* [Problem to solve]: An exact reproduction of the data below is expected, free of images.

(Records from a collection)
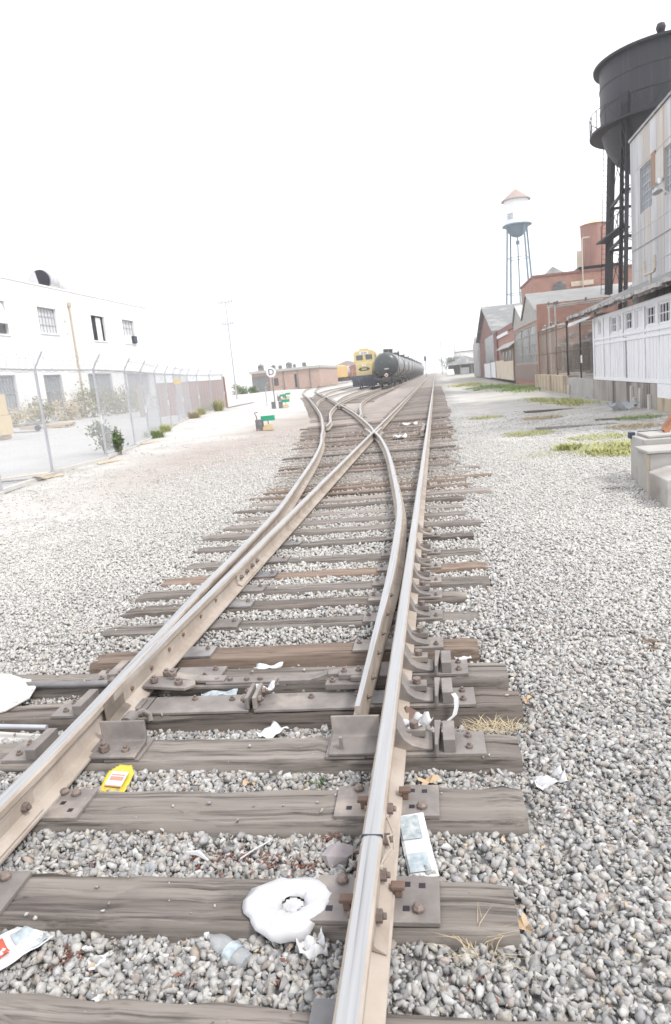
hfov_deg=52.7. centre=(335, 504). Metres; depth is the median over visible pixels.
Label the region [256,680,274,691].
paper scrap
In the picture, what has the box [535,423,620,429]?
wood scrap
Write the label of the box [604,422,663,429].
grass tuft
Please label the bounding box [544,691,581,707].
wood scrap
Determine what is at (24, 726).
operating rod
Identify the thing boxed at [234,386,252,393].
round bush
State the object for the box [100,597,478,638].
railroad tie
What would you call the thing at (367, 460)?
railroad tie
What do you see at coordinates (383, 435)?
railroad tie
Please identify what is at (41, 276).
roof duct
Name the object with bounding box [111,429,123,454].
green shrub
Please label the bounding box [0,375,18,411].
window
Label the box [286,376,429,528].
rail
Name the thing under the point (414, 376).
tank car
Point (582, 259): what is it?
roof pipe
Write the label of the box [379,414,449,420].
railroad tie
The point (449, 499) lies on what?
railroad tie
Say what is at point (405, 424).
paper scrap
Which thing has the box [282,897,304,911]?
film window
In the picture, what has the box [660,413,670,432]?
traffic cone
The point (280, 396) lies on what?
switch stand
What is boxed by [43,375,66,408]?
window
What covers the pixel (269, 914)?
plastic film
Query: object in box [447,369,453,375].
parked truck
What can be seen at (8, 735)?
steel sheet
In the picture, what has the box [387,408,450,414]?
railroad tie
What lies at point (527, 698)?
dry leaf
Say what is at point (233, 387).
round bush
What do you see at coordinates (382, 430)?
railroad tie
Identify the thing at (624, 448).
grass tuft
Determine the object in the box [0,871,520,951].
railroad tie
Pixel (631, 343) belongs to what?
white shed
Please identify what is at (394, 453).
railroad tie
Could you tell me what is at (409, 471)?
railroad tie
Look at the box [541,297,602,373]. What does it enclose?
pipe rack
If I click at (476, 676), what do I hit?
railroad tie
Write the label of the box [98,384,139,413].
weed clump
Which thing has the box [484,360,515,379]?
wall
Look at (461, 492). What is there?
railroad tie
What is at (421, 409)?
railroad tie
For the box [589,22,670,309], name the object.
water tower
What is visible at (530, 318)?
sawtooth factory
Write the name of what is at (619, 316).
window
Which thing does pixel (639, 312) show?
window
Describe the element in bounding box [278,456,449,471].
railroad tie
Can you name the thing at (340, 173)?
sky
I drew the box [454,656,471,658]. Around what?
paper scrap
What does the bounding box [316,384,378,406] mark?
rail
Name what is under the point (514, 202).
water tower
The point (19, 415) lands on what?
weed clump
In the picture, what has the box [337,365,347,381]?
boxcar
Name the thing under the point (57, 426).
pallet
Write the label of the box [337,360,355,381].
shed
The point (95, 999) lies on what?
paper scrap
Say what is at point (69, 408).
weed clump
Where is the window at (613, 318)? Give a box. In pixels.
[612,316,615,332]
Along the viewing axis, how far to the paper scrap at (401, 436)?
18.09 m
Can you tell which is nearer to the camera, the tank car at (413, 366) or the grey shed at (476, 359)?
the grey shed at (476, 359)
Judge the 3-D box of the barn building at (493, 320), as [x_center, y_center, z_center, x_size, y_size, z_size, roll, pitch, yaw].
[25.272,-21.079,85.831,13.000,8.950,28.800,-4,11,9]
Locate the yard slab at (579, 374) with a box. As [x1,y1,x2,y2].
[559,372,593,376]
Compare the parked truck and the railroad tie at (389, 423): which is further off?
the parked truck
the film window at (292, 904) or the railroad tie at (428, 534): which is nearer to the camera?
the film window at (292, 904)
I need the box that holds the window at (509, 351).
[503,351,511,360]
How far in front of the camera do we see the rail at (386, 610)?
4.92 m
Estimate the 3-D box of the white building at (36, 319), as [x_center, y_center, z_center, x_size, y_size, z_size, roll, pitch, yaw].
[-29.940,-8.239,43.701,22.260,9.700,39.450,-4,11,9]
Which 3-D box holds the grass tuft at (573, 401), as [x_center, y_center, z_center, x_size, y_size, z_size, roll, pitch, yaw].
[9.273,-4.126,27.148,2.146,0.136,6.057,-4,11,9]
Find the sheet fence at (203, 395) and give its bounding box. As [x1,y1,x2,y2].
[157,376,227,416]
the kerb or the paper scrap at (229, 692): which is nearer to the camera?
the paper scrap at (229, 692)
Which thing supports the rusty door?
in the sawtooth factory
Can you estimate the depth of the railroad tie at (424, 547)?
6.60 m
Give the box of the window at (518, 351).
[514,330,521,364]
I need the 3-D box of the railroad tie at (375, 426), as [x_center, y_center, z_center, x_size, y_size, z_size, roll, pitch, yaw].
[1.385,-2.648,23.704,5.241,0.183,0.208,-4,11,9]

* [Answer for the task]:
hfov_deg=52.7. centre=(335, 504). Metres; depth is the median over visible pixels.
Label the region [256,680,274,691].
paper scrap
In the picture, what has the box [535,423,620,429]?
wood scrap
Write the label of the box [604,422,663,429].
grass tuft
Please label the bounding box [544,691,581,707].
wood scrap
Determine what is at (24, 726).
operating rod
Identify the thing boxed at [234,386,252,393].
round bush
State the object for the box [100,597,478,638].
railroad tie
What would you call the thing at (367, 460)?
railroad tie
What do you see at coordinates (383, 435)?
railroad tie
Please identify what is at (41, 276).
roof duct
Name the object with bounding box [111,429,123,454].
green shrub
Please label the bounding box [0,375,18,411].
window
Label the box [286,376,429,528].
rail
Name the thing under the point (414, 376).
tank car
Point (582, 259): what is it?
roof pipe
Write the label of the box [379,414,449,420].
railroad tie
The point (449, 499) lies on what?
railroad tie
Say what is at point (405, 424).
paper scrap
Which thing has the box [282,897,304,911]?
film window
In the picture, what has the box [660,413,670,432]?
traffic cone
The point (280, 396) lies on what?
switch stand
What is boxed by [43,375,66,408]?
window
What covers the pixel (269, 914)?
plastic film
Query: object in box [447,369,453,375].
parked truck
What can be seen at (8, 735)?
steel sheet
In the picture, what has the box [387,408,450,414]?
railroad tie
What lies at point (527, 698)?
dry leaf
Say what is at point (233, 387).
round bush
What do you see at coordinates (382, 430)?
railroad tie
Identify the thing at (624, 448).
grass tuft
Determine the object in the box [0,871,520,951].
railroad tie
Pixel (631, 343) belongs to what?
white shed
Please identify what is at (394, 453).
railroad tie
Could you tell me what is at (409, 471)?
railroad tie
Look at the box [541,297,602,373]. What does it enclose?
pipe rack
If I click at (476, 676), what do I hit?
railroad tie
Write the label of the box [98,384,139,413].
weed clump
Which thing has the box [484,360,515,379]?
wall
Look at (461, 492). What is there?
railroad tie
What is at (421, 409)?
railroad tie
For the box [589,22,670,309], name the object.
water tower
What is visible at (530, 318)?
sawtooth factory
Write the name of what is at (619, 316).
window
Which thing does pixel (639, 312) show?
window
Describe the element in bounding box [278,456,449,471].
railroad tie
Can you name the thing at (340, 173)?
sky
I drew the box [454,656,471,658]. Around what?
paper scrap
What does the bounding box [316,384,378,406] mark?
rail
Name what is under the point (514, 202).
water tower
The point (19, 415) lands on what?
weed clump
In the picture, what has the box [337,365,347,381]?
boxcar
Name the thing under the point (57, 426).
pallet
Write the label of the box [337,360,355,381].
shed
The point (95, 999) lies on what?
paper scrap
Say what is at point (69, 408).
weed clump
Where is the window at (613, 318)? Give a box. In pixels.
[612,316,615,332]
Along the viewing axis, how far to the paper scrap at (401, 436)?
18.09 m
Can you tell which is nearer to the camera, the tank car at (413, 366) or the grey shed at (476, 359)?
the grey shed at (476, 359)
Judge the 3-D box of the barn building at (493, 320), as [x_center, y_center, z_center, x_size, y_size, z_size, roll, pitch, yaw].
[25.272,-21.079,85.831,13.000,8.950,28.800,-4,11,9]
Locate the yard slab at (579, 374) with a box. As [x1,y1,x2,y2].
[559,372,593,376]
Compare the parked truck and the railroad tie at (389, 423): which is further off?
the parked truck
the film window at (292, 904) or the railroad tie at (428, 534): which is nearer to the camera?
the film window at (292, 904)
I need the box that holds the window at (509, 351).
[503,351,511,360]
How far in front of the camera do we see the rail at (386, 610)?
4.92 m
Estimate the 3-D box of the white building at (36, 319), as [x_center, y_center, z_center, x_size, y_size, z_size, roll, pitch, yaw].
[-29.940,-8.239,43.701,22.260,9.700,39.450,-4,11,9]
Which 3-D box holds the grass tuft at (573, 401), as [x_center, y_center, z_center, x_size, y_size, z_size, roll, pitch, yaw].
[9.273,-4.126,27.148,2.146,0.136,6.057,-4,11,9]
Find the sheet fence at (203, 395) and give its bounding box. As [x1,y1,x2,y2].
[157,376,227,416]
the kerb or the paper scrap at (229, 692): which is nearer to the camera?
the paper scrap at (229, 692)
Which thing supports the rusty door?
in the sawtooth factory
Can you estimate the depth of the railroad tie at (424, 547)?
6.60 m
Give the box of the window at (518, 351).
[514,330,521,364]
I need the 3-D box of the railroad tie at (375, 426), as [x_center, y_center, z_center, x_size, y_size, z_size, roll, pitch, yaw].
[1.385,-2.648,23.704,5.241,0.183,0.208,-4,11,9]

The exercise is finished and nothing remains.